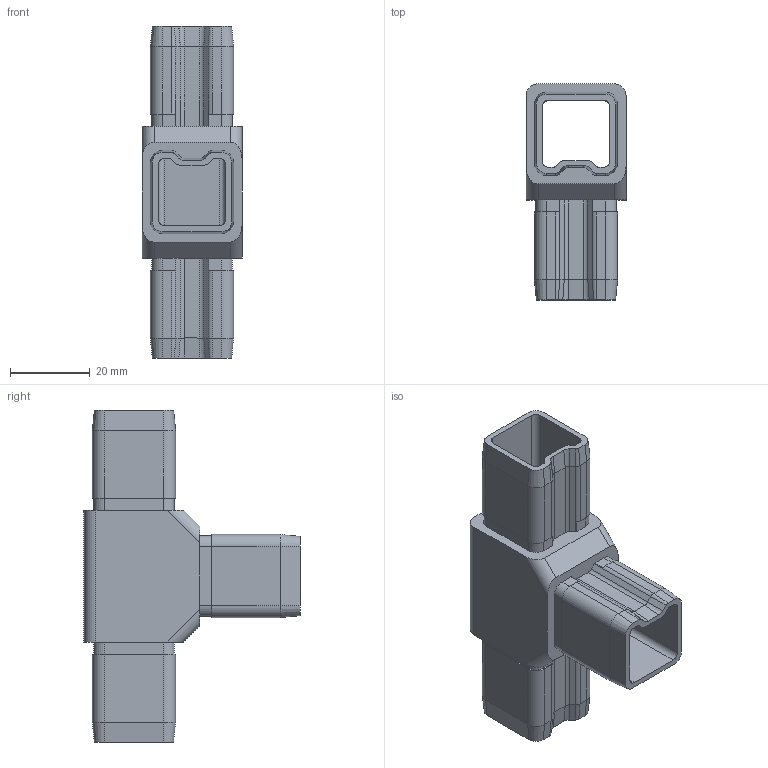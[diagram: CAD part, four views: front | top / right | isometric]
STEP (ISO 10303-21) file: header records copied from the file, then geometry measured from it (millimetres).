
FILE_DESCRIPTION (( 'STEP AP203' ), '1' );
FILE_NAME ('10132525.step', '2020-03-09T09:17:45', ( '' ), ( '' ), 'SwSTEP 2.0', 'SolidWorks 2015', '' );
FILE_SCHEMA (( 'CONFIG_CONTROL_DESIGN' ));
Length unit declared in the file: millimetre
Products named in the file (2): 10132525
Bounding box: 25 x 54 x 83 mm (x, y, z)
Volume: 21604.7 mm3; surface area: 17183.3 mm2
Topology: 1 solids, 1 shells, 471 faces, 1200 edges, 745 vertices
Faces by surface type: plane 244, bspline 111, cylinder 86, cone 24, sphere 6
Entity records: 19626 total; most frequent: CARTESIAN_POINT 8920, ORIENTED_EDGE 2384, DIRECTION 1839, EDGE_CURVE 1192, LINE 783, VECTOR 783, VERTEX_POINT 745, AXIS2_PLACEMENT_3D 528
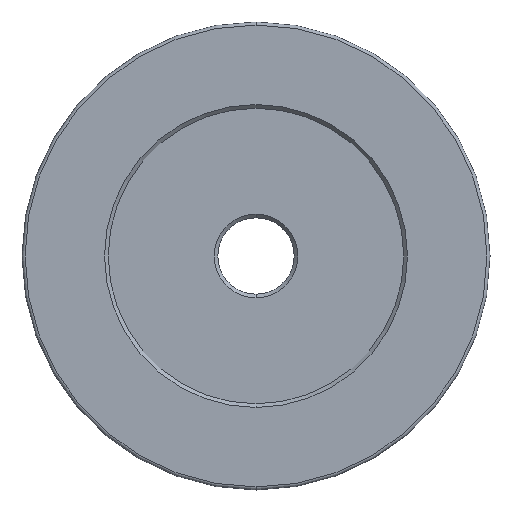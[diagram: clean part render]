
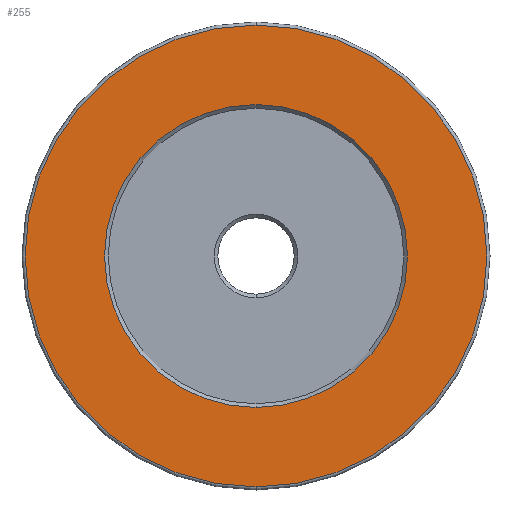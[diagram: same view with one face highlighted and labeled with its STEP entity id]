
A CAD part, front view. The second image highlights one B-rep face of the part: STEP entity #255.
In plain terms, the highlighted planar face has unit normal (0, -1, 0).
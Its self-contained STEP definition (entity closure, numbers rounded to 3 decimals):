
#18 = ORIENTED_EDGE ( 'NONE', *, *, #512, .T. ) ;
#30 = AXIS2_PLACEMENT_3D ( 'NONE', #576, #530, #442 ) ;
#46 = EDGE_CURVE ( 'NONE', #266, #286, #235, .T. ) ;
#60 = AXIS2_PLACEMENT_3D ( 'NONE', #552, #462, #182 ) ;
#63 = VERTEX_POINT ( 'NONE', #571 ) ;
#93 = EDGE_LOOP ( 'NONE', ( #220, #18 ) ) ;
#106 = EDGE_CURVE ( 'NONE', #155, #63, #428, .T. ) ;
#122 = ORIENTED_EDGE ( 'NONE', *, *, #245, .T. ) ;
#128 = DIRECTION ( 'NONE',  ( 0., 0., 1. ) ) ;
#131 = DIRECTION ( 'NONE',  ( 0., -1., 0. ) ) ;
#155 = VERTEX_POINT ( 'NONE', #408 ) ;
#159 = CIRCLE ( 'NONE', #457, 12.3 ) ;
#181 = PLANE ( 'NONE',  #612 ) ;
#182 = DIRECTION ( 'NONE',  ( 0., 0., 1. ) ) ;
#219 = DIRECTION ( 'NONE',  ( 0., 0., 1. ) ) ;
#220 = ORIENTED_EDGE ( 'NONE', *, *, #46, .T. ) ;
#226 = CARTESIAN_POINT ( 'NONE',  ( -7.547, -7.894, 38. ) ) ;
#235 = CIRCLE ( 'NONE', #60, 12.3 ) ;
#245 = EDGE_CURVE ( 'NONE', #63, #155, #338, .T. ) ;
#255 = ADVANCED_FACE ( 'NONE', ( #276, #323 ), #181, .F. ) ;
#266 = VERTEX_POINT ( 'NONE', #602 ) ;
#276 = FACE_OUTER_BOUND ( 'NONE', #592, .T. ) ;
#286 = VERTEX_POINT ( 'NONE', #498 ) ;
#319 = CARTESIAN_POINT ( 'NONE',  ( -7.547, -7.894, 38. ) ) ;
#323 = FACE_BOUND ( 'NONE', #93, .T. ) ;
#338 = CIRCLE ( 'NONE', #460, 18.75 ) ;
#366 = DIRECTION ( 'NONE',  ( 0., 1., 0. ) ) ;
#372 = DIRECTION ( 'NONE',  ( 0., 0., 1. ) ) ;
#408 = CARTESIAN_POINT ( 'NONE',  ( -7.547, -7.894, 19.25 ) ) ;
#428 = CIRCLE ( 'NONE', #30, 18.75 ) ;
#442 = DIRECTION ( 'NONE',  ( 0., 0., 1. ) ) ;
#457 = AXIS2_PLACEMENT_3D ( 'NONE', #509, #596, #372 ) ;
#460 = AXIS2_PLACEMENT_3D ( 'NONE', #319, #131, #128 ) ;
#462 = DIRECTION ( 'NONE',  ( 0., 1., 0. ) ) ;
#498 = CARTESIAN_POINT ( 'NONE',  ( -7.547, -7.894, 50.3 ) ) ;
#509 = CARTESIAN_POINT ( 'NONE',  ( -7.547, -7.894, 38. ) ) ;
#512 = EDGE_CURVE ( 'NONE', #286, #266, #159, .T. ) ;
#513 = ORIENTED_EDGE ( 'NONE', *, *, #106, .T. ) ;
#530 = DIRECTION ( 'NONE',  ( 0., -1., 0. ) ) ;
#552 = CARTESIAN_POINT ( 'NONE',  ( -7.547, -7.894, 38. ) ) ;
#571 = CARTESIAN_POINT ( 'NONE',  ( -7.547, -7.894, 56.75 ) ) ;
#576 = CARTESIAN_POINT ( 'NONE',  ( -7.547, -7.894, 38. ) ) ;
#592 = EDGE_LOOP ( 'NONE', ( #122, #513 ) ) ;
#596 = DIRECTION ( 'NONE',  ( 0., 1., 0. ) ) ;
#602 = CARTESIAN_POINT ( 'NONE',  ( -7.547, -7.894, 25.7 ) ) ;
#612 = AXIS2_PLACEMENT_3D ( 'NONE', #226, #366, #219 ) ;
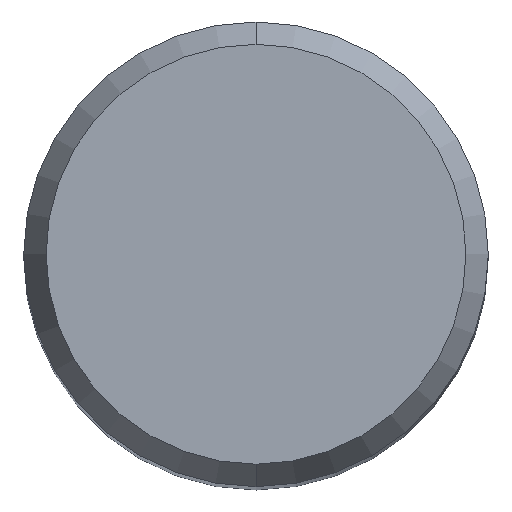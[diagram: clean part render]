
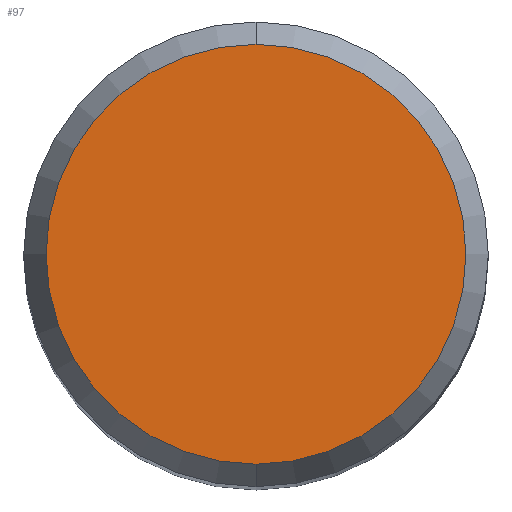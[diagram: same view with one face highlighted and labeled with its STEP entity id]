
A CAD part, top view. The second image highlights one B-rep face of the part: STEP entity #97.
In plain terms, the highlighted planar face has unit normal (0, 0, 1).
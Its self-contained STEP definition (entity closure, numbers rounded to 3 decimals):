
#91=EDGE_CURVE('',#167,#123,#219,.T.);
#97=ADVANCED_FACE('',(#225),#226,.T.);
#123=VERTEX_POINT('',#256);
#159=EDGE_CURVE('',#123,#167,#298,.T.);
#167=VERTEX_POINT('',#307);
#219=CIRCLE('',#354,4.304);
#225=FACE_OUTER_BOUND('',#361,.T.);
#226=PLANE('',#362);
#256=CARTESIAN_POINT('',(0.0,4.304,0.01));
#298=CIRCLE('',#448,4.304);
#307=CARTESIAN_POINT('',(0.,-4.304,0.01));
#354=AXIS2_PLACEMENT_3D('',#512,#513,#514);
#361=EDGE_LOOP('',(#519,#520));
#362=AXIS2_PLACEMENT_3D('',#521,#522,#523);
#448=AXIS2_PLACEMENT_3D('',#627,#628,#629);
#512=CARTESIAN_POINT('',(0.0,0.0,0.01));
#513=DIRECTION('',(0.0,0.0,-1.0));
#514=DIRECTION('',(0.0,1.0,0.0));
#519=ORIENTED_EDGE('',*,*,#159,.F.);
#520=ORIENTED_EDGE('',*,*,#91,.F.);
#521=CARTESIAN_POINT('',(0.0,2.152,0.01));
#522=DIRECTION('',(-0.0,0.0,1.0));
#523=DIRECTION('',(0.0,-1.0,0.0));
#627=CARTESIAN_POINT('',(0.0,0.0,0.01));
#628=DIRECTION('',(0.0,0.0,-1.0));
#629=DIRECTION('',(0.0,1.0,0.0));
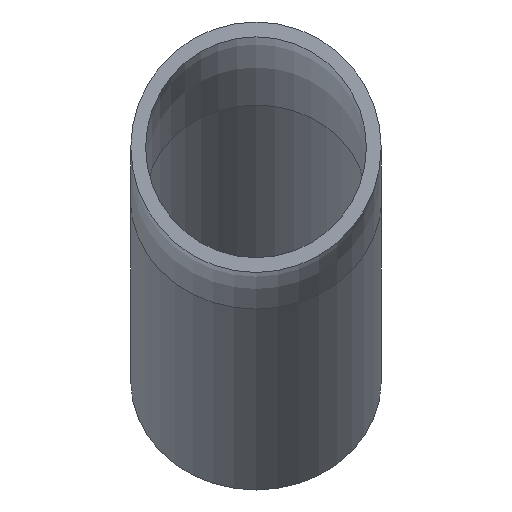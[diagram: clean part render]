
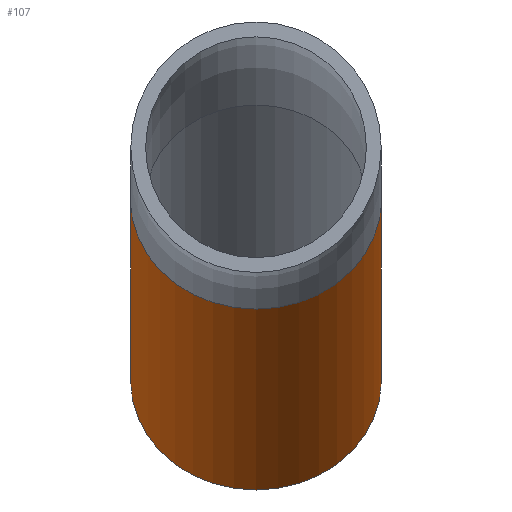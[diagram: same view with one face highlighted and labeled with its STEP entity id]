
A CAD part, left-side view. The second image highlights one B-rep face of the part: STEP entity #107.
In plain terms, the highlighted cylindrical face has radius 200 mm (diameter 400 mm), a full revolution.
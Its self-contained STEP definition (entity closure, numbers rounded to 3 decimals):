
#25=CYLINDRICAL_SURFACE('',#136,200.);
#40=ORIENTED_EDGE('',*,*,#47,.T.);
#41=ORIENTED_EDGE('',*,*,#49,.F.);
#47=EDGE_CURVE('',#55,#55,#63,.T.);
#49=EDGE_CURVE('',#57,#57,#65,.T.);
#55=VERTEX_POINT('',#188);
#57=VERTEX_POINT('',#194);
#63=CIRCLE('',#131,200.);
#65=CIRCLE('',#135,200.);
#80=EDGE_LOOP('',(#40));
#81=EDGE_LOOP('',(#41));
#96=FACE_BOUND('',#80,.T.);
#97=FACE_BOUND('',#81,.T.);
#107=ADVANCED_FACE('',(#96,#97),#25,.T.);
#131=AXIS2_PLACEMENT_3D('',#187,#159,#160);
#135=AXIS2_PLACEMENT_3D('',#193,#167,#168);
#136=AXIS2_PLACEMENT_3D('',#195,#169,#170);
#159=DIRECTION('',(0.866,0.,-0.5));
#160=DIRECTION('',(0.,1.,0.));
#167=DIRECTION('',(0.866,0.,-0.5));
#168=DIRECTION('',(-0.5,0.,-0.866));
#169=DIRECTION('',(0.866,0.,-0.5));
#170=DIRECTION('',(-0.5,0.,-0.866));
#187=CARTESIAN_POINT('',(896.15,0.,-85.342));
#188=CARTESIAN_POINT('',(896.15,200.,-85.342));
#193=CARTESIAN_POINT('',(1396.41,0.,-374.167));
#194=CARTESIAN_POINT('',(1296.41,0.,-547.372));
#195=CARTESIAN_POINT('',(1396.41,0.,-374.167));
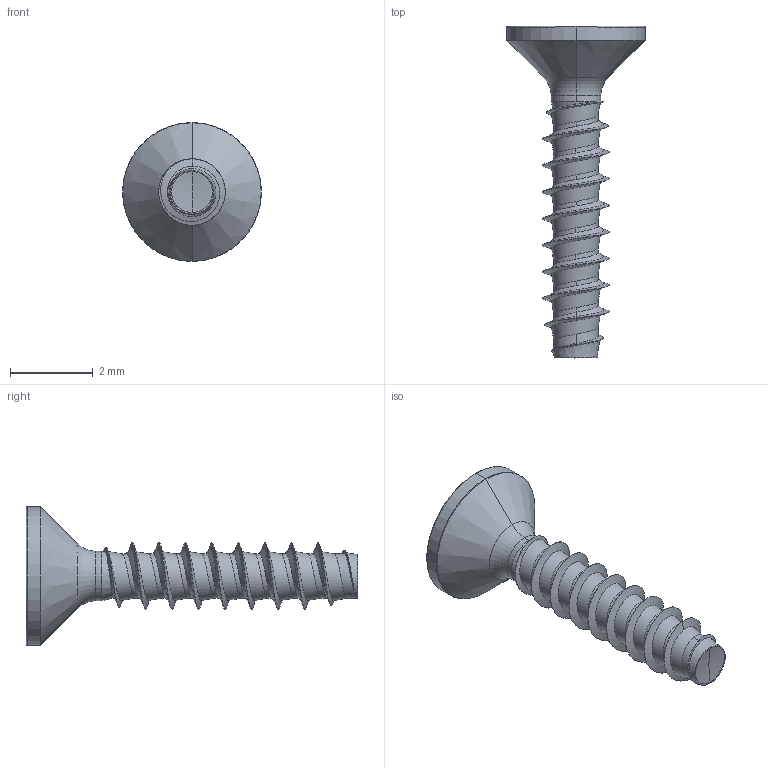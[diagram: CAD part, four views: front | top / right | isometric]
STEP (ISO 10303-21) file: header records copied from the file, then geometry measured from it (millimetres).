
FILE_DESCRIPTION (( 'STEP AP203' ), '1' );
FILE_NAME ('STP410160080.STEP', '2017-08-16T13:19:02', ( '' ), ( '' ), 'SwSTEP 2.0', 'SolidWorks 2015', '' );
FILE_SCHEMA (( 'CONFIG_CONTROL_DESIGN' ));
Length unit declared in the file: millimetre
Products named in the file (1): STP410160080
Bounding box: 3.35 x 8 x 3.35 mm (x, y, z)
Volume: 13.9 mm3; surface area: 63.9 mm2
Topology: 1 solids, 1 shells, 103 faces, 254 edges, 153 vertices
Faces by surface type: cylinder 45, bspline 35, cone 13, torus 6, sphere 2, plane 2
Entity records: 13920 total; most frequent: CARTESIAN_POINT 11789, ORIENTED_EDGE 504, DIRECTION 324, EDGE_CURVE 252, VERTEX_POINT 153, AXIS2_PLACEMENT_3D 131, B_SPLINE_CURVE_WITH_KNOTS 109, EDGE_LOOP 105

☆ ☆ ☆ ☆

Reproduce the opening lines of the material above exactly, ending with the line that contains "#128 = DIRECTION". Omit every picture.

[diagram: CAD part, four views: front | top / right | isometric]
STEP (ISO 10303-21) file: header records copied from the file, then geometry measured from it (millimetres).
FILE_DESCRIPTION (( 'STEP AP203' ), '1' );
FILE_NAME ('10132525.step', '2020-03-09T09:17:45', ( '' ), ( '' ), 'SwSTEP 2.0', 'SolidWorks 2015', '' );
FILE_SCHEMA (( 'CONFIG_CONTROL_DESIGN' ));
Length unit declared in the file: millimetre
Products named in the file (2): 10132525
Bounding box: 25 x 54 x 83 mm (x, y, z)
Volume: 21604.7 mm3; surface area: 17183.3 mm2
Topology: 1 solids, 1 shells, 471 faces, 1200 edges, 745 vertices
Faces by surface type: plane 244, bspline 111, cylinder 86, cone 24, sphere 6
Entity records: 19626 total; most frequent: CARTESIAN_POINT 8920, ORIENTED_EDGE 2384, DIRECTION 1839, EDGE_CURVE 1192, LINE 783, VECTOR 783, VERTEX_POINT 745, AXIS2_PLACEMENT_3D 528
[diagram: clean part render]
[diagram: same view with one face highlighted and labeled with its STEP entity id]
A CAD part, front view. The second image highlights one B-rep face of the part: STEP entity #255.
In plain terms, the highlighted planar face has unit normal (0, -1, 0).
Its self-contained STEP definition (entity closure, numbers rounded to 3 decimals):
#18 = ORIENTED_EDGE ( 'NONE', *, *, #512, .T. ) ;
#30 = AXIS2_PLACEMENT_3D ( 'NONE', #576, #530, #442 ) ;
#46 = EDGE_CURVE ( 'NONE', #266, #286, #235, .T. ) ;
#60 = AXIS2_PLACEMENT_3D ( 'NONE', #552, #462, #182 ) ;
#63 = VERTEX_POINT ( 'NONE', #571 ) ;
#93 = EDGE_LOOP ( 'NONE', ( #220, #18 ) ) ;
#106 = EDGE_CURVE ( 'NONE', #155, #63, #428, .T. ) ;
#122 = ORIENTED_EDGE ( 'NONE', *, *, #245, .T. ) ;
#128 = DIRECTION ( 'NONE',  ( 0., 0., 1. ) ) ;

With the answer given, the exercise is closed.